# TRY IT
Without any of the pictures, set down the data below exactly.

# GIVEN INFORMATION
══════════
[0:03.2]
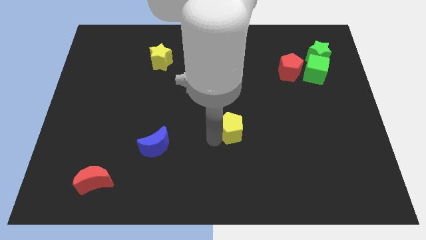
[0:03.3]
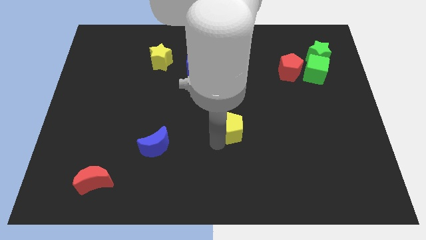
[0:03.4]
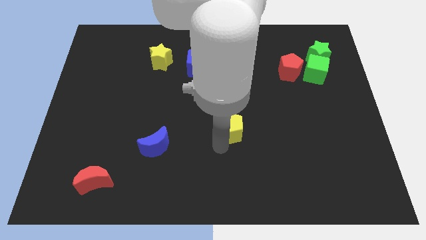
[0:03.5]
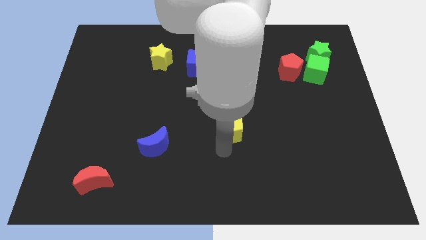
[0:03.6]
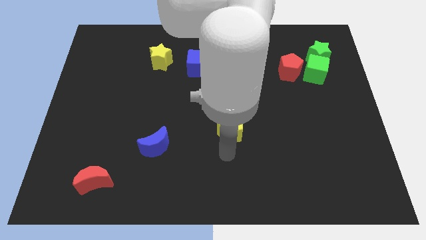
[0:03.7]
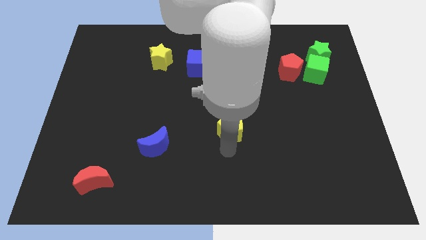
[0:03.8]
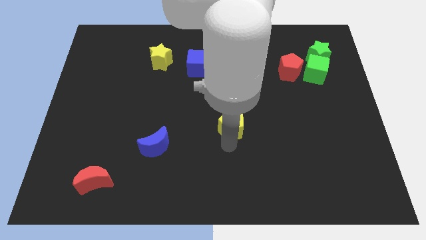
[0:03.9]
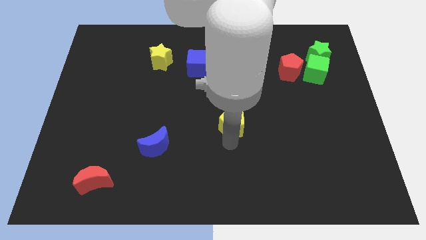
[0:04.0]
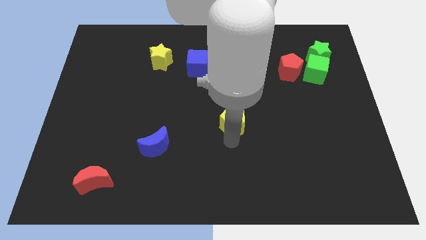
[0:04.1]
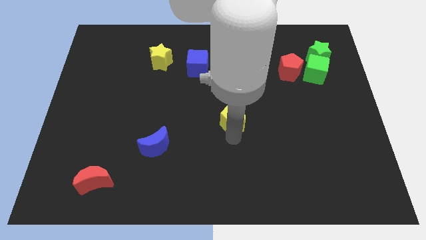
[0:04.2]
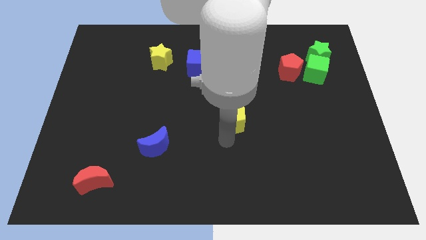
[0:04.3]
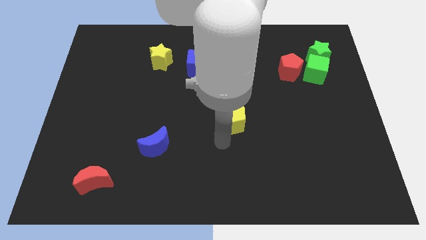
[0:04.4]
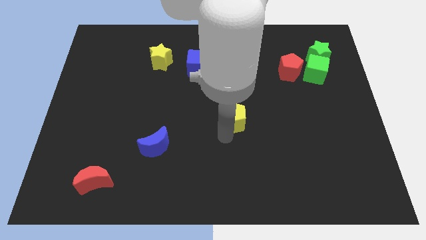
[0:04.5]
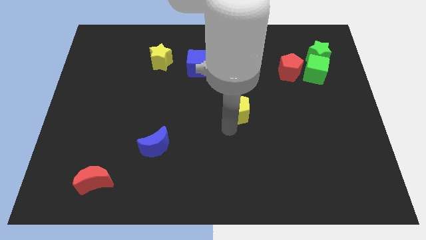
══════════
# ANSWER TO THIS TASK
[0:03.2]
[0:03.3]
[0:03.4]
[0:03.5]
[0:03.6]
[0:03.7]
[0:03.8]
[0:03.9]
[0:04.0]
[0:04.1]
[0:04.2]
[0:04.3]
[0:04.4]
[0:04.5]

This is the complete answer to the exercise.